_Task brief_. Everything from the line containing "261C151.015 261 162.467" through the line containing "67H166.621C180.005 67 190.855" in the listing below should be copied exactly, and nothing more.

_Given records_.
···

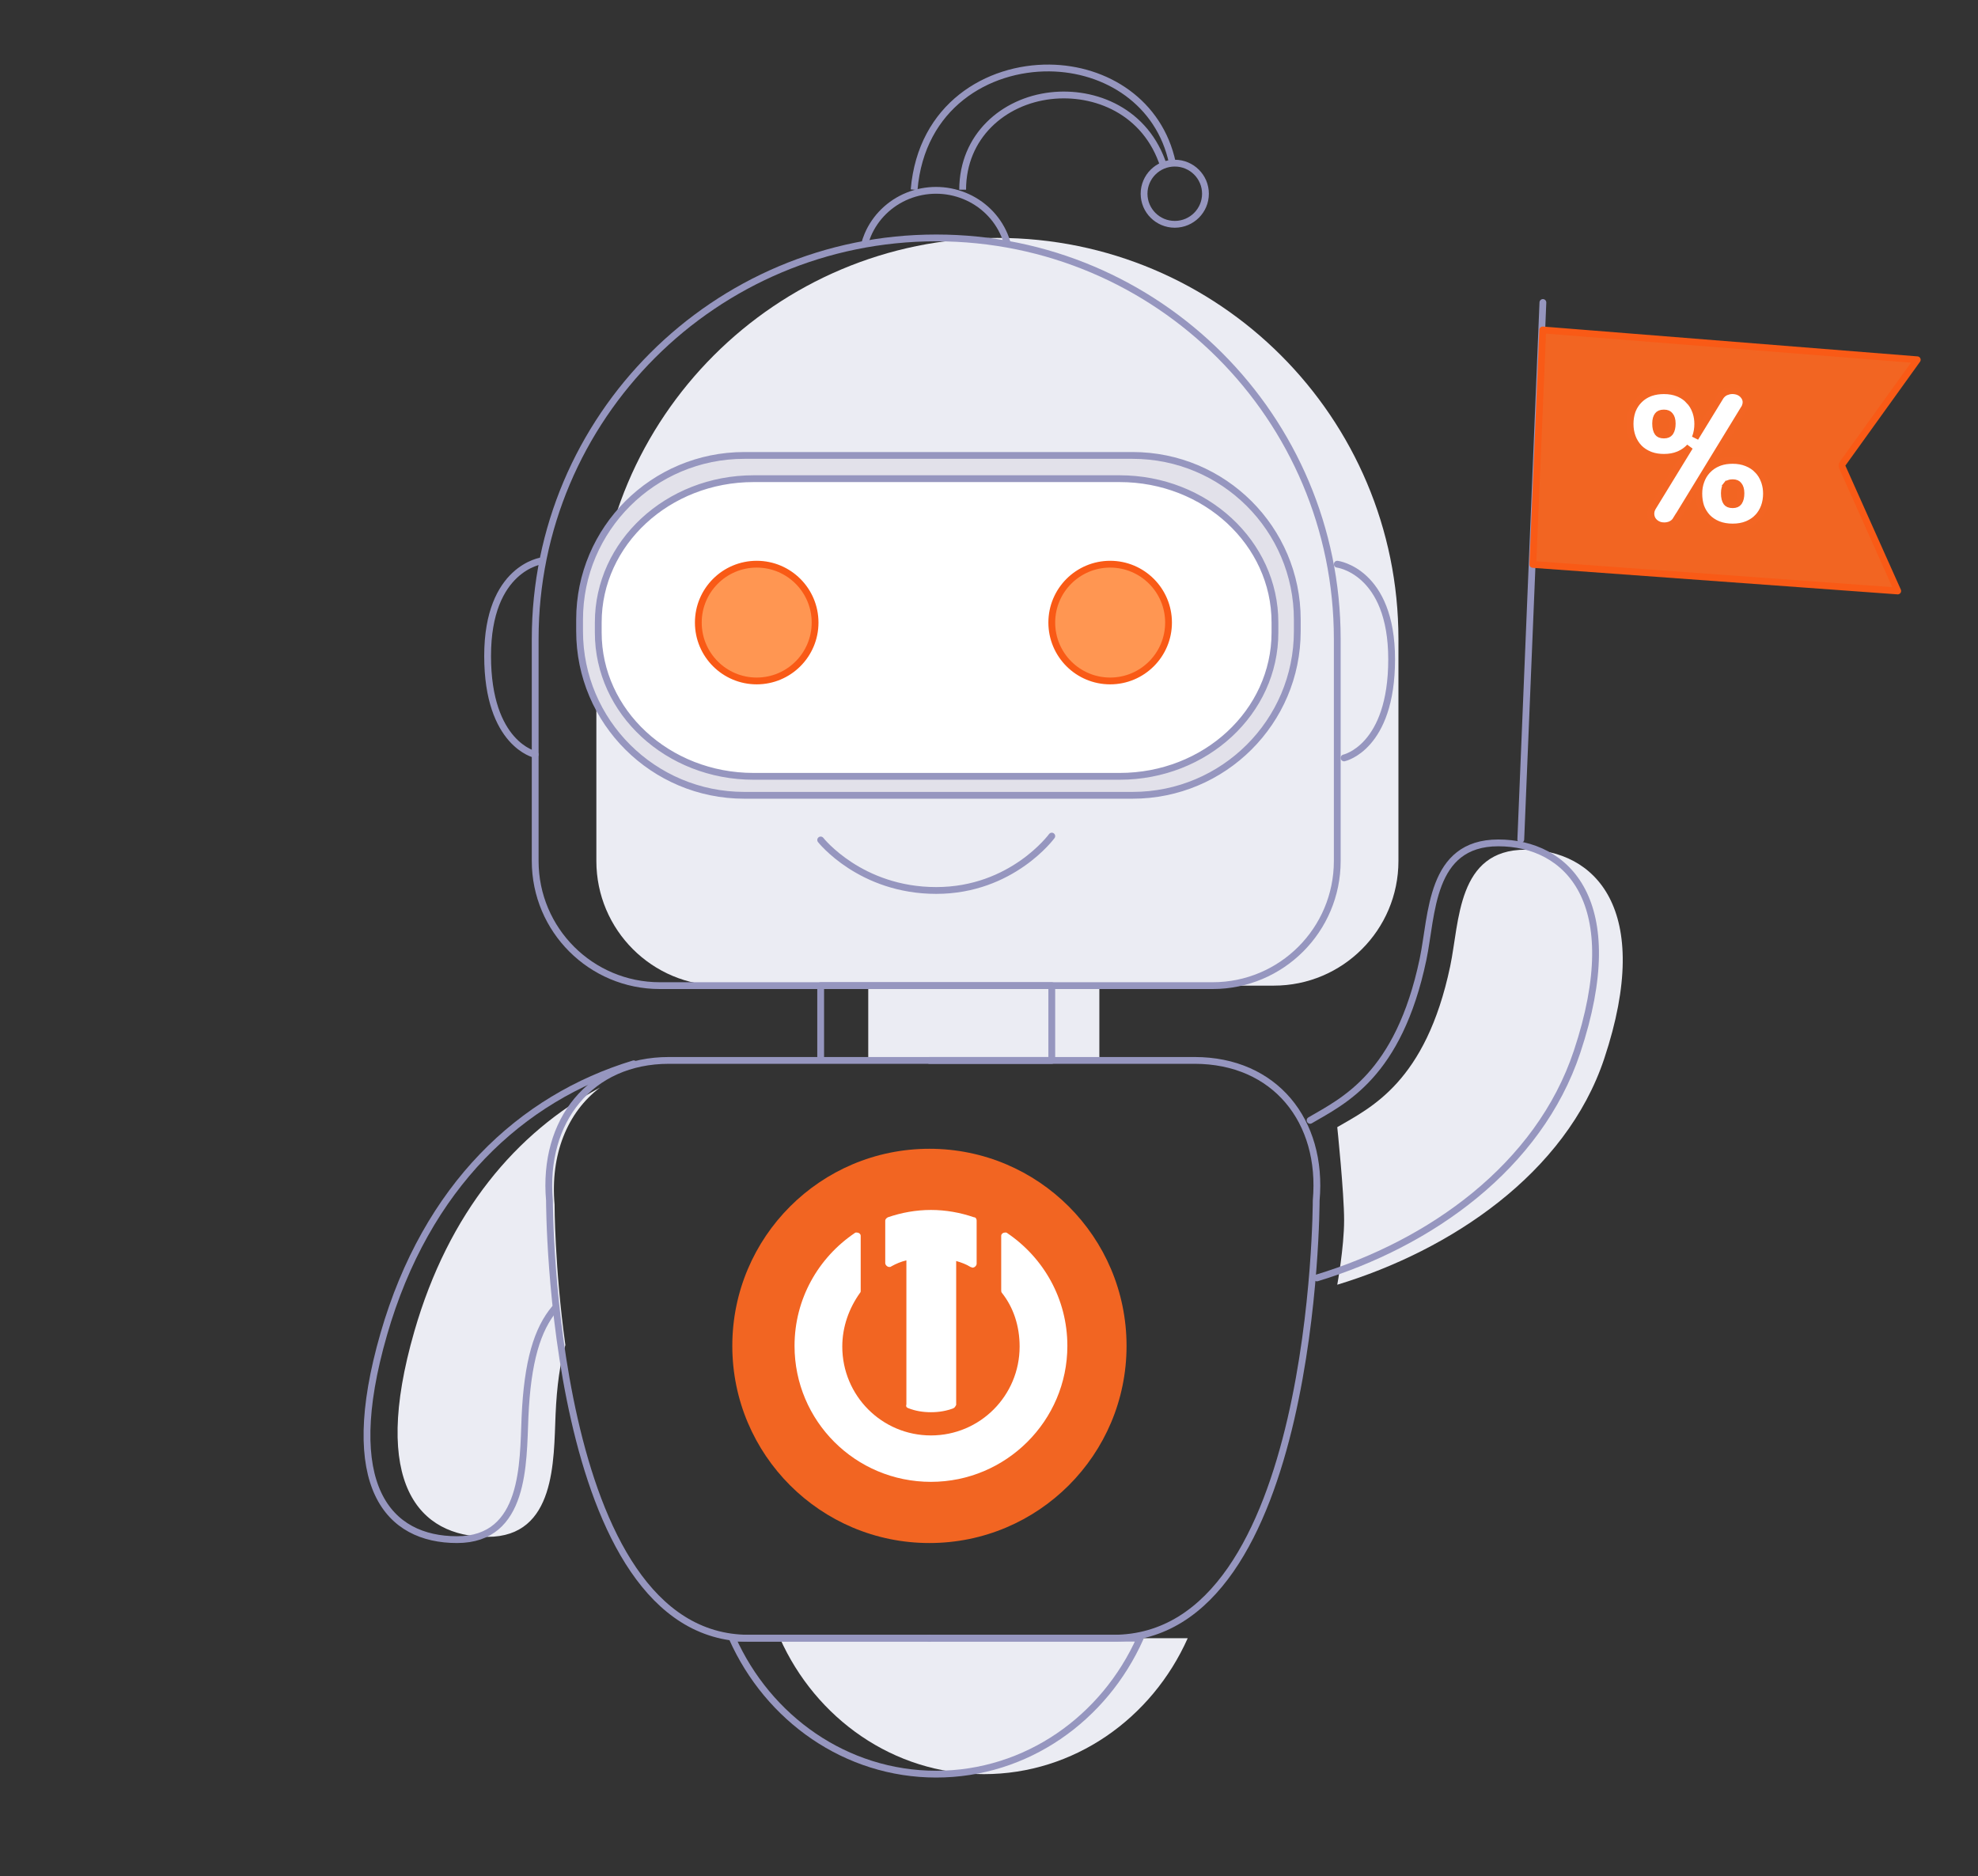 <svg width="291" height="276" viewBox="0 0 291 276" fill="none" xmlns="http://www.w3.org/2000/svg">
<rect x="0" y="0" width="291" height="276" fill="#333333" stroke="none"/>
<path d="M223.736 123.5L226.988 44.5" stroke="#9696BF" stroke-linecap="round" stroke-linejoin="round"/>
<path d="M88.27 160C83.454 163.631 80.943 169.861 81.588 177.203C81.588 177.256 81.593 186.449 83.176 197.872C82.4 200.509 81.921 203.829 81.735 208.091C81.445 214.779 81.806 226.091 71.735 226.091C61.665 226.091 54.484 218.306 60.96 195.851C65.999 178.378 75.944 166.58 88.27 160Z" fill="#EBECF3"/>
<path d="M213.353 142.134C209.749 159.268 201.604 162.963 196.736 165.819C196.736 165.819 197.743 175.5 197.743 179.5C197.743 183.5 196.736 189 196.736 189C213.353 183.961 230.372 172.672 236.012 155.74C243.397 133.567 234.501 125 224.431 125C214.36 125 214.731 135.583 213.353 142.134Z" fill="#EBECF3"/>
<path d="M282.064 52.927L271.082 68.208C270.978 68.353 270.96 68.542 271.032 68.704L279.19 86.939L225.508 83.036L226.966 48.539L282.064 52.927Z" fill="#F26522" stroke="#F95A16" stroke-linecap="round" stroke-linejoin="round"/>
<path d="M87.736 94C87.736 61.415 114.152 35 146.736 35C179.321 35 205.736 61.415 205.736 94V126.667C205.736 136.792 197.528 145 187.403 145H106.07C95.944 145 87.736 136.792 87.736 126.667V94Z" fill="#EBECF3"/>
<path d="M161.736 156V145H127.736V156H161.736Z" fill="#EBECF3"/>
<path d="M144.736 261C158.015 261 169.467 252.814 174.736 241H114.736C120.006 252.814 131.458 261 144.736 261Z" fill="#EBECF3"/>
<path d="M141.624 27.907C141.638 20.017 147.625 14.88 154.573 14.082C161.084 13.334 168.608 16.34 171.191 24.425M134.482 27.907C135.537 15.555 145.345 9.903 154.409 10.001C162.718 10.091 170.592 15.024 172.483 23.99" stroke="#9696BF"/>
<path d="M148.246 36C148.119 35.51 147.955 35.029 147.756 34.56C147.21 33.271 146.409 32.099 145.399 31.113C144.389 30.126 143.191 29.343 141.871 28.809C140.552 28.275 139.138 28 137.71 28C136.282 28 134.868 28.275 133.549 28.809C132.23 29.343 131.031 30.126 130.021 31.113C129.012 32.099 128.211 33.271 127.664 34.56C127.465 35.029 127.302 35.51 127.174 36" stroke="#9696BF"/>
<path d="M172.83 33C175.324 33 177.346 30.985 177.346 28.5C177.346 26.015 175.324 24 172.83 24C170.336 24 168.314 26.015 168.314 28.5C168.314 30.985 170.336 33 172.83 33Z" stroke="#9696BF"/>
<path d="M120.736 123.571C120.736 123.571 126.58 131 137.736 131C148.893 131 154.736 123 154.736 123" stroke="#9696BF" stroke-linecap="round" stroke-linejoin="round"/>
<path d="M79.736 82.5C79.736 82.5 71.736 83.5 71.736 96.5C71.736 109.5 78.736 111 78.736 111" stroke="#9696BF" stroke-linecap="round" stroke-linejoin="round"/>
<path d="M196.736 83C196.736 83 204.736 84 204.736 97C204.736 110 197.736 111.5 197.736 111.5" stroke="#9696BF" stroke-linecap="round" stroke-linejoin="round"/>
<circle cx="136.736" cy="198" r="29" fill="#F26522"/>
<path d="M133.647 207.171C134.651 207.561 135.754 207.756 136.959 207.756C138.163 207.756 139.267 207.561 140.27 207.171C140.471 207.073 140.571 206.878 140.671 206.683V185.512C141.374 185.707 142.177 186 142.779 186.39C142.879 186.39 142.979 186.488 143.08 186.488C143.381 186.488 143.682 186.195 143.682 185.902V179.561C143.682 179.366 143.581 179.073 143.28 179.073C141.274 178.39 139.166 178 136.959 178C134.751 178 132.644 178.39 130.637 179.073C130.436 179.171 130.235 179.366 130.235 179.561V185.805C130.235 186.098 130.537 186.39 130.838 186.39C130.938 186.39 131.038 186.39 131.139 186.293C131.841 185.902 132.543 185.61 133.346 185.415V206.585C133.246 206.878 133.346 207.073 133.647 207.171Z" fill="white"/>
<path d="M136.96 218C147.998 218 157.029 209.024 157.029 198C157.029 191.073 153.517 185.024 148.199 181.415C148.098 181.317 147.998 181.317 147.898 181.317C147.597 181.317 147.295 181.512 147.295 181.805V189.805C147.295 189.902 147.295 190.097 147.396 190.195C149.102 192.341 150.005 195.073 150.005 198.098C150.005 205.317 144.185 211.171 136.96 211.171C129.735 211.171 123.915 205.317 123.915 198.098C123.915 195.171 124.918 192.439 126.524 190.195C126.624 190.097 126.624 190 126.624 189.902V181.805C126.624 181.512 126.323 181.317 126.022 181.317C125.922 181.317 125.821 181.317 125.721 181.415C120.403 185.024 116.891 191.073 116.891 198C116.891 209.024 125.821 218 136.96 218Z" fill="white"/>
<path d="M136.736 156H175.733C187.539 156 194.683 164.886 193.635 176.612C193.635 176.612 193.635 241 163.782 241C149.744 241 142.849 241 136.736 241" stroke="#9696BF" stroke-linecap="round" stroke-linejoin="round"/>
<path d="M78.736 94C78.736 61.415 105.152 35 137.736 35V35C170.321 35 196.736 61.415 196.736 94V126.667C196.736 136.792 188.528 145 178.403 145H97.07C86.944 145 78.736 136.792 78.736 126.667V94Z" stroke="#9696BF" stroke-linecap="round" stroke-linejoin="round"/>
<path d="M254.905 67.727C255.67 67.727 256.369 67.849 256.993 68.106H256.992C257.62 68.356 258.154 68.708 258.583 69.165H258.584C259.011 69.604 259.334 70.129 259.554 70.732L259.631 70.955C259.799 71.477 259.882 72.032 259.882 72.617C259.882 73.301 259.775 73.947 259.556 74.549L259.554 74.554C259.334 75.14 259.013 75.66 258.592 76.112L258.584 76.121L258.583 76.12C258.208 76.504 257.761 76.816 257.247 77.055L257.022 77.154C256.397 77.411 255.688 77.533 254.905 77.533C254.122 77.533 253.405 77.411 252.763 77.156L252.758 77.154C252.148 76.903 251.625 76.559 251.196 76.12L251.188 76.112C250.768 75.66 250.447 75.14 250.227 74.554L250.223 74.543L250.219 74.534C250.023 73.935 249.928 73.295 249.928 72.617C249.928 71.949 250.035 71.319 250.256 70.732C250.448 70.205 250.719 69.737 251.07 69.335L251.226 69.165C251.653 68.709 252.177 68.357 252.787 68.106L253.025 68.016C253.591 67.82 254.22 67.727 254.905 67.727ZM254.162 57.576C254.589 57.442 255.028 57.433 255.469 57.541L255.64 57.59C256.028 57.72 256.351 57.953 256.589 58.291L256.686 58.444C256.889 58.807 256.935 59.211 256.806 59.623L256.801 59.635L256.796 59.649L256.75 59.792C256.721 59.895 256.67 60.008 256.584 60.111L246.614 76.426L246.613 76.425C246.402 76.778 246.103 77.035 245.73 77.188L245.565 77.248C245.136 77.382 244.689 77.39 244.235 77.284L244.214 77.279L244.193 77.272C243.72 77.117 243.338 76.838 243.09 76.422L243.08 76.406L243.071 76.389C242.857 75.962 242.815 75.507 242.95 75.05L242.96 75.018L242.974 74.987L243.093 74.724L243.105 74.696L243.122 74.669L248.589 65.737C248.553 65.778 248.518 65.82 248.48 65.86L248.473 65.868C248.098 66.252 247.65 66.564 247.136 66.803L246.911 66.902C246.286 67.159 245.576 67.281 244.794 67.281C244.109 67.281 243.481 67.188 242.915 66.992L242.676 66.902C242.066 66.651 241.543 66.307 241.114 65.868L241.106 65.86V65.859C240.686 65.407 240.365 64.887 240.145 64.301L240.143 64.296C239.923 63.694 239.816 63.048 239.816 62.365C239.816 61.703 239.912 61.078 240.109 60.496L240.113 60.485L240.201 60.262C240.415 59.754 240.706 59.305 241.077 58.921L241.243 58.754C241.639 58.375 242.109 58.075 242.646 57.854L242.652 57.851L242.896 57.762C243.474 57.568 244.109 57.474 244.794 57.474C245.576 57.474 246.286 57.596 246.911 57.854L247.138 57.954C247.656 58.197 248.105 58.519 248.48 58.921H248.479C248.903 59.359 249.224 59.881 249.442 60.48L249.521 60.702C249.689 61.225 249.771 61.78 249.771 62.365C249.771 63.048 249.664 63.694 249.444 64.296L249.442 64.301C249.427 64.342 249.409 64.382 249.393 64.422L253.114 58.344L253.132 58.317L253.234 58.184C253.479 57.89 253.791 57.684 254.162 57.578V57.576ZM254.905 71.014C254.42 71.014 254.156 71.159 254 71.367L253.993 71.376L253.601 71.066L253.992 71.376C253.811 71.606 253.685 71.979 253.685 72.564C253.685 73.202 253.812 73.626 254.002 73.895C254.158 74.101 254.421 74.246 254.905 74.246C255.364 74.246 255.621 74.105 255.78 73.893L255.783 73.889L255.857 73.782C256.021 73.514 256.125 73.122 256.125 72.564C256.125 71.986 255.992 71.617 255.798 71.388L255.78 71.367C255.621 71.155 255.364 71.014 254.905 71.014ZM244.794 60.761C244.309 60.761 244.045 60.906 243.889 61.114L243.882 61.123C243.7 61.354 243.574 61.727 243.574 62.312C243.574 62.953 243.702 63.378 243.894 63.647C244.05 63.851 244.313 63.994 244.794 63.994C245.253 63.994 245.51 63.853 245.669 63.641L245.673 63.637L245.746 63.53C245.91 63.262 246.014 62.87 246.014 62.312C246.014 61.734 245.881 61.365 245.688 61.136L245.678 61.126L245.669 61.114C245.51 60.902 245.252 60.761 244.794 60.761Z" fill="white" stroke="#F36523"/>
<path d="M136.736 156H98.424C86.825 156 79.806 164.886 80.836 176.612C80.836 176.612 80.836 241 110.165 241H136.736M154.736 145V156H120.736V145H154.736Z" stroke="#9696BF" stroke-linecap="round" stroke-linejoin="round"/>
<path d="M192.736 164.819C197.604 161.963 205.749 158.268 209.353 141.134C210.731 134.583 210.36 124 220.431 124C230.501 124 239.397 132.567 232.012 154.74C226.372 171.672 210.36 182.961 193.743 188" stroke="#9696BF" stroke-linecap="round" stroke-linejoin="round"/>
<path d="M93.236 156.5C76.62 161.539 62.736 174.5 56.461 196.26C49.984 218.715 57.166 226.5 67.236 226.5C77.307 226.5 76.945 215.188 77.236 208.5C77.594 200.282 79.04 195.565 81.612 192.5" stroke="#9696BF" stroke-linecap="round" stroke-linejoin="round"/>
<path d="M137.736 261C151.015 261 162.467 252.814 167.736 241H107.736C113.006 252.814 124.458 261 137.736 261Z" stroke="#9696BF" stroke-linecap="round" stroke-linejoin="round"/>
<path d="M164.72 70.42H110.865C98.245 70.42 88.016 79.887 88.016 91.564V93.066C88.016 104.743 98.245 114.209 110.865 114.209H164.72C177.339 114.209 187.568 104.743 187.568 93.066V91.564C187.568 79.887 177.339 70.42 164.72 70.42Z" fill="white"/>
<path fill-rule="evenodd" clip-rule="evenodd" d="M109.502 67H166.621C180.005 67 190.855 77.809 190.855 91.143V92.857C190.855 106.191 180.005 117 166.621 117H109.502C96.118 117 85.268 106.191 85.268 92.857V91.143C85.268 77.809 96.118 67 109.502 67ZM110.864 70.42H164.719C177.338 70.42 187.568 79.887 187.568 91.564V93.066C187.568 104.743 177.338 114.209 164.719 114.209H110.864C98.245 114.209 88.015 104.743 88.015 93.066V91.564C88.015 79.887 98.245 70.42 110.864 70.42Z" fill="#E2E1EA"/>
<path d="M166.621 67V66.5H109.502V67V67.5H166.621V67ZM190.855 91.143H191.355C191.355 77.531 180.28 66.5 166.621 66.5V67V67.5C179.731 67.5 190.355 78.087 190.355 91.143H190.855ZM190.855 92.857H191.355V91.143H190.855H190.355V92.857H190.855ZM166.621 117V117.5C180.28 117.5 191.355 106.469 191.355 92.857H190.855H190.355C190.355 105.913 179.731 116.5 166.621 116.5V117ZM109.502 117V117.5H166.621V117V116.5H109.502V117ZM85.268 92.857H84.768C84.768 106.469 95.843 117.5 109.502 117.5V117V116.5C96.392 116.5 85.768 105.913 85.768 92.857H85.268ZM85.268 91.143H84.768V92.857H85.268H85.768V91.143H85.268ZM109.502 67V66.5C95.843 66.5 84.768 77.531 84.768 91.143H85.268H85.768C85.768 78.087 96.392 67.5 109.502 67.5V67ZM164.719 70.42V69.92H110.864V70.42V70.92H164.719V70.42ZM187.568 91.564H188.068C188.068 79.575 177.577 69.92 164.719 69.92V70.42V70.92C177.099 70.92 187.068 80.199 187.068 91.564H187.568ZM187.568 93.066H188.068V91.564H187.568H187.068V93.066H187.568ZM164.719 114.209V114.709C177.577 114.709 188.068 105.055 188.068 93.066H187.568H187.068C187.068 104.431 177.099 113.709 164.719 113.709V114.209ZM110.864 114.209V114.709H164.719V114.209V113.709H110.864V114.209ZM88.015 93.066H87.515C87.515 105.055 98.006 114.709 110.864 114.709V114.209V113.709C98.484 113.709 88.515 104.431 88.515 93.066H88.015ZM88.015 91.564H87.515V93.066H88.015H88.515V91.564H88.015ZM110.864 70.42V69.92C98.006 69.92 87.515 79.575 87.515 91.564H88.015H88.515C88.515 80.199 98.484 70.92 110.864 70.92V70.42Z" fill="#9696BF"/>
<path d="M171.913 91.588C171.913 96.332 168.068 100.177 163.325 100.177C158.581 100.177 154.736 96.332 154.736 91.588C154.736 86.845 158.581 83 163.325 83C168.068 83 171.913 86.845 171.913 91.588Z" fill="#FF9652"/>
<path d="M171.913 91.588H171.413C171.413 96.055 167.792 99.677 163.325 99.677V100.177V100.677C168.344 100.677 172.413 96.608 172.413 91.588H171.913ZM163.325 100.177V99.677C158.858 99.677 155.236 96.055 155.236 91.588H154.736H154.236C154.236 96.608 158.305 100.677 163.325 100.677V100.177ZM154.736 91.588H155.236C155.236 87.121 158.858 83.5 163.325 83.5V83V82.5C158.305 82.5 154.236 86.569 154.236 91.588H154.736ZM163.325 83V83.5C167.792 83.5 171.413 87.121 171.413 91.588H171.913H172.413C172.413 86.569 168.344 82.5 163.325 82.5V83Z" fill="#F95A16"/>
<path d="M119.913 91.588C119.913 96.332 116.068 100.177 111.325 100.177C106.581 100.177 102.736 96.332 102.736 91.588C102.736 86.845 106.581 83 111.325 83C116.068 83 119.913 86.845 119.913 91.588Z" fill="#FF9652"/>
<path d="M119.913 91.588H119.413C119.413 96.055 115.792 99.677 111.325 99.677V100.177V100.677C116.344 100.677 120.413 96.608 120.413 91.588H119.913ZM111.325 100.177V99.677C106.858 99.677 103.236 96.055 103.236 91.588H102.736H102.236C102.236 96.608 106.305 100.677 111.325 100.677V100.177ZM102.736 91.588H103.236C103.236 87.121 106.858 83.5 111.325 83.5V83V82.5C106.305 82.5 102.236 86.569 102.236 91.588H102.736ZM111.325 83V83.5C115.792 83.5 119.413 87.121 119.413 91.588H119.913H120.413C120.413 86.569 116.344 82.5 111.325 82.5V83Z" fill="#F95A16"/>
</svg>

···

_Exercise output_.
<path d="M137.736 261C151.015 261 162.467 252.814 167.736 241H107.736C113.006 252.814 124.458 261 137.736 261Z" stroke="#9696BF" stroke-linecap="round" stroke-linejoin="round"/>
<path d="M164.72 70.42H110.865C98.245 70.42 88.016 79.887 88.016 91.564V93.066C88.016 104.743 98.245 114.209 110.865 114.209H164.72C177.339 114.209 187.568 104.743 187.568 93.066V91.564C187.568 79.887 177.339 70.42 164.72 70.42Z" fill="white"/>
<path fill-rule="evenodd" clip-rule="evenodd" d="M109.502 67H166.621C180.005 67 190.855 77.809 190.855 91.143V92.857C190.855 106.191 180.005 117 166.621 117H109.502C96.118 117 85.268 106.191 85.268 92.857V91.143C85.268 77.809 96.118 67 109.502 67ZM110.864 70.42H164.719C177.338 70.42 187.568 79.887 187.568 91.564V93.066C187.568 104.743 177.338 114.209 164.719 114.209H110.864C98.245 114.209 88.015 104.743 88.015 93.066V91.564C88.015 79.887 98.245 70.42 110.864 70.42Z" fill="#E2E1EA"/>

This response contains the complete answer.